Stop at the line that contains "[23,241,70,291]". Until then, set down each line of the records exactly, beginning with the first, and skip pictures.

Record extracts Block Start

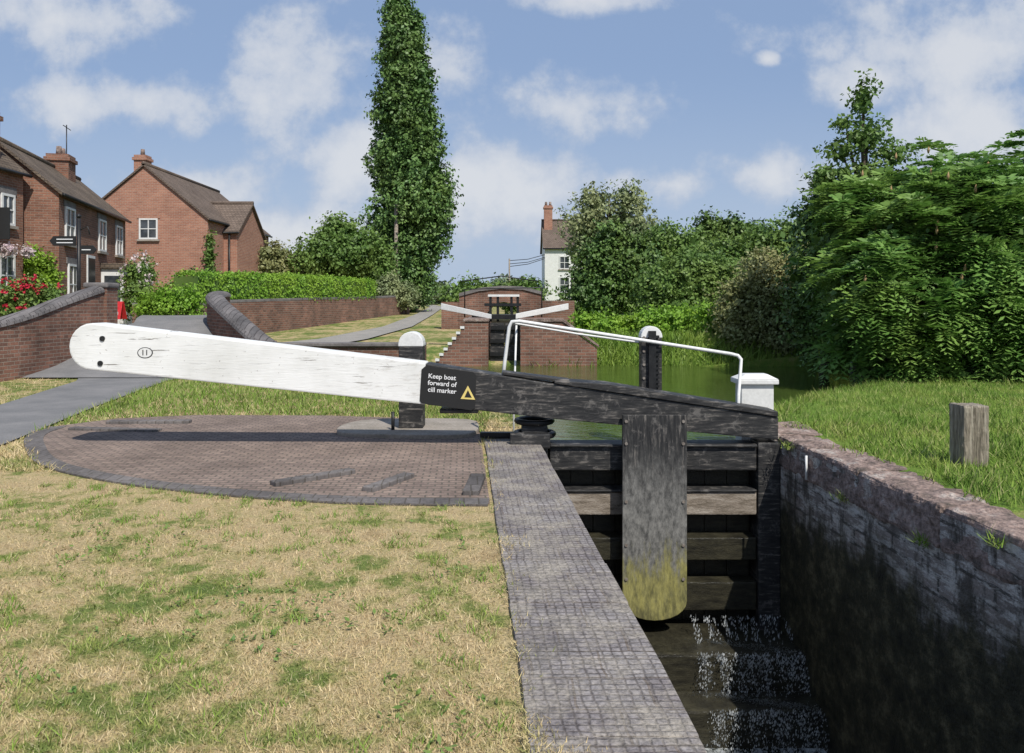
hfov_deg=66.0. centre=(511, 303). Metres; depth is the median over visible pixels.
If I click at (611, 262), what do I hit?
broadleaf tree
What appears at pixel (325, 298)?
coping section
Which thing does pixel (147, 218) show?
frame top
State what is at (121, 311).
pavement sign
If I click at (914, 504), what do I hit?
stone coping
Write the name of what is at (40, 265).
shrub
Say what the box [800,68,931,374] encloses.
ash tree
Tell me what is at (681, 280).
hawthorn tree
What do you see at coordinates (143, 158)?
chimney band
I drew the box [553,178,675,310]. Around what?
willow tree
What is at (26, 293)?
rose bush
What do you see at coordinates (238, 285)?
clipped hedge
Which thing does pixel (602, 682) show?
lock coping
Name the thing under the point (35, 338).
bridge parapet
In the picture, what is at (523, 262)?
overhead wires
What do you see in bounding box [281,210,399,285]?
broadleaf tree
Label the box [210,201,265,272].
house wing
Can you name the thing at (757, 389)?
white capped post
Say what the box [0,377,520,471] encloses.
verge grass
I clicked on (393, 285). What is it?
silver shrub
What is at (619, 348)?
bank grass
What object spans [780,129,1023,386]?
sumac tree
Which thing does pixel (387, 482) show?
footing bar
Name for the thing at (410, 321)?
gravel path
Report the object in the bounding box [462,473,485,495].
footing bar
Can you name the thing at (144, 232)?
glass
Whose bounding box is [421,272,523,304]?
distant treeline
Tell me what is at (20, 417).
asphalt path
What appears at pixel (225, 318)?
bridge parapet
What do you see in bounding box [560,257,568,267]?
glass
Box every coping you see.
[278,342,426,345]
[483,438,706,752]
[777,421,1023,585]
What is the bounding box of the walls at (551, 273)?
[542,241,576,302]
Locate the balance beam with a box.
[441,303,568,319]
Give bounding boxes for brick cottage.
[0,125,131,324]
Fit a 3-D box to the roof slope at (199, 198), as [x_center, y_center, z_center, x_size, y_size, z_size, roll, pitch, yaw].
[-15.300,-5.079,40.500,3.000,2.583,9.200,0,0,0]
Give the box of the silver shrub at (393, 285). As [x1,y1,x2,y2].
[373,269,421,314]
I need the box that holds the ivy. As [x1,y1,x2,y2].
[200,229,220,270]
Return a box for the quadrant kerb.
[24,426,489,506]
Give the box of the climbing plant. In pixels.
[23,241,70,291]
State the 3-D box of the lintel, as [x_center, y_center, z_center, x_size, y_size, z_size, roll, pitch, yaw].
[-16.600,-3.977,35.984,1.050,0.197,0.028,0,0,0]
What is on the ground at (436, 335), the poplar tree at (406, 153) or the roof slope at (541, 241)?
the poplar tree at (406, 153)
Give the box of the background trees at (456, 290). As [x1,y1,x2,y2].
[437,269,543,306]
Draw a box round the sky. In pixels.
[0,0,1023,286]
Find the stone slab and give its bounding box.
[337,418,478,438]
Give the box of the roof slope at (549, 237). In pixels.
[541,221,583,247]
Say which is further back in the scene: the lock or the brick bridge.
the brick bridge
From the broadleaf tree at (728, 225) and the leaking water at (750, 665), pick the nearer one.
the leaking water at (750, 665)
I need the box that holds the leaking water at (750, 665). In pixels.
[684,615,829,752]
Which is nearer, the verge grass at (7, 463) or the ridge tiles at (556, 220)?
the verge grass at (7, 463)
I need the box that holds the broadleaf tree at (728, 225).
[686,205,774,246]
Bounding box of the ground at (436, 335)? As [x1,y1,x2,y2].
[0,305,1023,752]
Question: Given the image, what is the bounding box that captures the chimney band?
[132,157,153,162]
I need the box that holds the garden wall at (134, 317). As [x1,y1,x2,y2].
[132,306,206,322]
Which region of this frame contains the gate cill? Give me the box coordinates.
[637,617,804,690]
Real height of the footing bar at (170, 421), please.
0.050 m
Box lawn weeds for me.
[4,511,497,752]
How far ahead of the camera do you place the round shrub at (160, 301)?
23.18 m
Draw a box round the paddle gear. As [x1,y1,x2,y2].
[638,326,661,389]
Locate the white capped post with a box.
[731,373,778,439]
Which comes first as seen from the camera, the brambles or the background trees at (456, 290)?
the brambles
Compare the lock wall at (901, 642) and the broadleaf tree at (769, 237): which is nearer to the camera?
the lock wall at (901, 642)
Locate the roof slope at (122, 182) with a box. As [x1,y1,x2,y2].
[102,165,143,199]
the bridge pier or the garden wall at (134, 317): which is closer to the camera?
the bridge pier
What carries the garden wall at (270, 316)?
on the ground at (436, 335)
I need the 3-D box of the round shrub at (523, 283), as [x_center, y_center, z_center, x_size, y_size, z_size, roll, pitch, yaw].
[0.554,-0.274,35.981,2.614,2.152,2.291,0,0,0]
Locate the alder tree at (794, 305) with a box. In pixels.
[768,167,874,374]
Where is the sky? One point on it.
(722, 104)
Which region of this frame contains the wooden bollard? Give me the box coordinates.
[949,402,988,465]
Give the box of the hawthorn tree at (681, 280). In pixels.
[627,246,744,313]
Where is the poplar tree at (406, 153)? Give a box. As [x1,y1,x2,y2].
[356,0,464,312]
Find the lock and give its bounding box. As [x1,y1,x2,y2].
[435,316,598,365]
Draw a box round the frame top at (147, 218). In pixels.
[140,218,155,219]
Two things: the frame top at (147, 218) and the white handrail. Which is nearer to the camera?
the white handrail
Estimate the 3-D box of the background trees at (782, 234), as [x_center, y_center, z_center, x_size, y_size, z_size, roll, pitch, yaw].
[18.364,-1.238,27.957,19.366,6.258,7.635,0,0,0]
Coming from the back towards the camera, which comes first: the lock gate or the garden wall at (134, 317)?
the garden wall at (134, 317)
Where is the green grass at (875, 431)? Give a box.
[774,375,1023,507]
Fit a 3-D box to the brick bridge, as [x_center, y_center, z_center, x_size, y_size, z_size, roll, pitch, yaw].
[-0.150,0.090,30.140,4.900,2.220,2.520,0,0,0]
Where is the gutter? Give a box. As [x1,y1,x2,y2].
[209,219,271,237]
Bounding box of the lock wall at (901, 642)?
[776,361,1023,752]
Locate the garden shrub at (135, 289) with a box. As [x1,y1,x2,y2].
[118,266,208,320]
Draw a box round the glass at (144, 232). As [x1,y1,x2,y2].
[141,220,155,237]
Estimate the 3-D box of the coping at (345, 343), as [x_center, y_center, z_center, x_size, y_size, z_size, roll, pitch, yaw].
[-4.235,1.054,20.260,4.030,0.088,0.480,0,0,0]
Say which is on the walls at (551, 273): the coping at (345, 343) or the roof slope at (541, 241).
the roof slope at (541, 241)
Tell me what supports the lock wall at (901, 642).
on the ground at (436, 335)
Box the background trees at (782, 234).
[764,194,809,263]
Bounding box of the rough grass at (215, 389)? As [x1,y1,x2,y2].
[29,378,490,432]
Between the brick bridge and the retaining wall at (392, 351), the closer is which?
the retaining wall at (392, 351)
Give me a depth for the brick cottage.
25.76 m
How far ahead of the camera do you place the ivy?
35.84 m
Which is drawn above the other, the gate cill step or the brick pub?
the brick pub
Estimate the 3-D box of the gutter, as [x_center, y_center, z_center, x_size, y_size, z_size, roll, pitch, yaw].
[-13.750,-3.790,40.500,0.100,0.100,9.200,0,0,0]
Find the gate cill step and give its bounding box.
[676,691,822,747]
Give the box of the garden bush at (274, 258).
[256,237,303,274]
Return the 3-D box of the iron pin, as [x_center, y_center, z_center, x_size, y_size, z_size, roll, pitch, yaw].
[-1.360,1.370,9.000,0.037,0.260,0.037,0,0,23]
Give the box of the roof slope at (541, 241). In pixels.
[540,224,541,253]
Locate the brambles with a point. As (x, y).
(679, 318)
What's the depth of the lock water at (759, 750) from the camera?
7.31 m
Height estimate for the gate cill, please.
1.250 m
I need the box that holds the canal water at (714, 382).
[460,364,879,439]
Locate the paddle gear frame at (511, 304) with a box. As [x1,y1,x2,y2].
[464,287,541,321]
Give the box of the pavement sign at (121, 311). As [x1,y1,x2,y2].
[118,302,126,318]
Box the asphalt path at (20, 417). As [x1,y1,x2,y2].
[0,377,175,444]
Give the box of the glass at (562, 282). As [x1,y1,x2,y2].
[560,278,568,291]
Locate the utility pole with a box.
[394,204,397,275]
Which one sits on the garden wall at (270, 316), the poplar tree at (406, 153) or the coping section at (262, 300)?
the coping section at (262, 300)
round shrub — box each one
[129,280,206,318]
[499,274,552,313]
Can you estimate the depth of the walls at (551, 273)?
60.00 m
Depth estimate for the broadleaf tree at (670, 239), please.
39.33 m
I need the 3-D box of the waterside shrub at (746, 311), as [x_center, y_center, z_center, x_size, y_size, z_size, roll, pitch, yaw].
[7.103,0.238,21.365,3.900,3.727,2.300,0,0,17]
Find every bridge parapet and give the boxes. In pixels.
[0,286,104,381]
[205,291,277,342]
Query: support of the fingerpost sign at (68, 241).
on the ground at (436, 335)
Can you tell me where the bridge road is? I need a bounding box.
[24,315,212,376]
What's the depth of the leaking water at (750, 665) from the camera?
7.63 m
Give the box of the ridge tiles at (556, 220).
[541,219,574,220]
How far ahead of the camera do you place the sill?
35.90 m
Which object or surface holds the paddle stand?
on the stone slab
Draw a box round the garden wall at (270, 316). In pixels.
[230,297,409,332]
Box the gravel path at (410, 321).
[290,305,440,341]
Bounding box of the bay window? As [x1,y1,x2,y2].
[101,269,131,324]
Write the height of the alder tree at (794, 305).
5.142 m
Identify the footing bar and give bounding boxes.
[68,426,161,431]
[106,419,191,423]
[270,468,355,486]
[362,472,413,491]
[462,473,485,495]
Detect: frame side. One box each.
[139,218,140,238]
[156,218,157,238]
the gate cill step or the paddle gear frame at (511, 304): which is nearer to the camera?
the gate cill step
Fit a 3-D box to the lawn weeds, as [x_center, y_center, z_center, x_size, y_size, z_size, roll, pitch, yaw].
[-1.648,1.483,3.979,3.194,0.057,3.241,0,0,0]
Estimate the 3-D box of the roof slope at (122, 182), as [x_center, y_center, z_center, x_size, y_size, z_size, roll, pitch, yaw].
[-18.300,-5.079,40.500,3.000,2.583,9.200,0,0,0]
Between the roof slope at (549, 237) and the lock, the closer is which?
the lock
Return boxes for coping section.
[230,298,307,302]
[308,296,379,299]
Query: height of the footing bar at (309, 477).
0.050 m
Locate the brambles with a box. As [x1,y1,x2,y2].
[567,294,727,339]
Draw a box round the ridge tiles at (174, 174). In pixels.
[141,161,219,192]
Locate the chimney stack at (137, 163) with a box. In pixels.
[134,155,151,170]
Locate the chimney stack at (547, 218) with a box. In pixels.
[544,205,551,229]
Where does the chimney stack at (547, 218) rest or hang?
on the roof slope at (549, 237)
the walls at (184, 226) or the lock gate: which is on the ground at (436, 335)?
the walls at (184, 226)
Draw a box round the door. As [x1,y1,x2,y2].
[89,258,94,282]
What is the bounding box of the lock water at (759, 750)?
[705,748,826,752]
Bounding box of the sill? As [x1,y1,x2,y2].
[137,239,159,240]
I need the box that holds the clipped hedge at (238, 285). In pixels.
[171,267,377,302]
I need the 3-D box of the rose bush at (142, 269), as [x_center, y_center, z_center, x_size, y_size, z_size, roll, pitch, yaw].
[-13.137,-0.689,27.872,1.334,2.582,2.590,0,0,-9]
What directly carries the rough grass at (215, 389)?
on the ground at (436, 335)
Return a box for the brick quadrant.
[43,415,489,504]
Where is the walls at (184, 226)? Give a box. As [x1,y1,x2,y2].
[104,167,268,289]
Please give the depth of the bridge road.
19.11 m
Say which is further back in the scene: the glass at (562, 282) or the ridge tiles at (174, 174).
the glass at (562, 282)
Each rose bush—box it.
[0,273,67,316]
[116,249,162,299]
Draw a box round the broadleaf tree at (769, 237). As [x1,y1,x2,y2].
[681,201,802,276]
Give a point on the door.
(91, 261)
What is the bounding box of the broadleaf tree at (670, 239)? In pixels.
[637,216,716,266]
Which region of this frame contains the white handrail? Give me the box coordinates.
[502,319,742,430]
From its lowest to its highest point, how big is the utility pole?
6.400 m
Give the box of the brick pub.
[0,116,37,309]
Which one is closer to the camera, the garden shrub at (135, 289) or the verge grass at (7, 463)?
the verge grass at (7, 463)
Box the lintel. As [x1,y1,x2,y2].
[137,214,159,217]
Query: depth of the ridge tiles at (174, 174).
39.39 m
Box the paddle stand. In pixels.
[398,331,425,427]
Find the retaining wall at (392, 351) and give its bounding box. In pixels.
[307,346,425,360]
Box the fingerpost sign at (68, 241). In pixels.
[50,214,96,290]
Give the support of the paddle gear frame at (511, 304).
on the lock
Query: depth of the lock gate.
8.18 m
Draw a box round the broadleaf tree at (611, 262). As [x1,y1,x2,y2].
[551,215,667,321]
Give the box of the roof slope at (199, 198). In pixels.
[143,165,270,235]
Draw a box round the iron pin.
[391,412,394,429]
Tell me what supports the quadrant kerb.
on the brick quadrant
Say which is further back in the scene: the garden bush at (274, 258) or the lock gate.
the garden bush at (274, 258)
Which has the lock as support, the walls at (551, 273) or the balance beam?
the balance beam
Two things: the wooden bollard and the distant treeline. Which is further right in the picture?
the wooden bollard
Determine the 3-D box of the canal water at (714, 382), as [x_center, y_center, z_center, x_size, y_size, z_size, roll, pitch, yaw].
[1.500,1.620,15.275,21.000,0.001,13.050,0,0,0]
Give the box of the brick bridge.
[441,276,573,328]
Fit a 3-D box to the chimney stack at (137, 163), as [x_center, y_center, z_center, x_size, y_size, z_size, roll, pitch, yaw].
[-17.150,-6.325,36.600,0.550,1.050,0.600,0,0,0]
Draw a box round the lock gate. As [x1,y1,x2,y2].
[69,322,779,629]
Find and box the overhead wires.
[509,254,544,280]
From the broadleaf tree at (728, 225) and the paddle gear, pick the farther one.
the broadleaf tree at (728, 225)
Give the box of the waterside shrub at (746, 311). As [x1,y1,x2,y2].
[702,242,809,357]
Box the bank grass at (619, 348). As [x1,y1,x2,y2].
[527,324,819,366]
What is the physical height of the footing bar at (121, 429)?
0.040 m
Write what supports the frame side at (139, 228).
attached to the walls at (184, 226)
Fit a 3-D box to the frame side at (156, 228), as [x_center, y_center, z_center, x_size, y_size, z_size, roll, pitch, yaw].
[-16.210,-3.400,35.968,0.070,0.950,0.057,0,0,0]
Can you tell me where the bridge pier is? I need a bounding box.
[83,283,119,323]

Record extracts Block End

▶ _Written solution_:
hfov_deg=66.0. centre=(511, 303). Metres; depth is the median over visible pixels.
If I click at (611, 262), what do I hit?
broadleaf tree
What appears at pixel (325, 298)?
coping section
Which thing does pixel (147, 218) show?
frame top
State what is at (121, 311).
pavement sign
If I click at (914, 504), what do I hit?
stone coping
Write the name of what is at (40, 265).
shrub
Say what the box [800,68,931,374] encloses.
ash tree
Tell me what is at (681, 280).
hawthorn tree
What do you see at coordinates (143, 158)?
chimney band
I drew the box [553,178,675,310]. Around what?
willow tree
What is at (26, 293)?
rose bush
What do you see at coordinates (238, 285)?
clipped hedge
Which thing does pixel (602, 682) show?
lock coping
Name the thing under the point (35, 338).
bridge parapet
In the picture, what is at (523, 262)?
overhead wires
What do you see in bounding box [281,210,399,285]?
broadleaf tree
Label the box [210,201,265,272].
house wing
Can you name the thing at (757, 389)?
white capped post
Say what the box [0,377,520,471] encloses.
verge grass
I clicked on (393, 285). What is it?
silver shrub
What is at (619, 348)?
bank grass
What object spans [780,129,1023,386]?
sumac tree
Which thing does pixel (387, 482) show?
footing bar
Name for the thing at (410, 321)?
gravel path
Report the object in the bounding box [462,473,485,495].
footing bar
Can you name the thing at (144, 232)?
glass
Whose bounding box is [421,272,523,304]?
distant treeline
Tell me what is at (20, 417).
asphalt path
What appears at pixel (225, 318)?
bridge parapet
What do you see in bounding box [560,257,568,267]?
glass
Box every coping you see.
[278,342,426,345]
[483,438,706,752]
[777,421,1023,585]
What is the bounding box of the walls at (551, 273)?
[542,241,576,302]
Locate the balance beam with a box.
[441,303,568,319]
Give bounding boxes for brick cottage.
[0,125,131,324]
Fit a 3-D box to the roof slope at (199, 198), as [x_center, y_center, z_center, x_size, y_size, z_size, roll, pitch, yaw].
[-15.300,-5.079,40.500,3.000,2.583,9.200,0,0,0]
Give the box of the silver shrub at (393, 285). As [x1,y1,x2,y2].
[373,269,421,314]
I need the box that holds the ivy. As [x1,y1,x2,y2].
[200,229,220,270]
Return a box for the quadrant kerb.
[24,426,489,506]
Give the box of the climbing plant. In pixels.
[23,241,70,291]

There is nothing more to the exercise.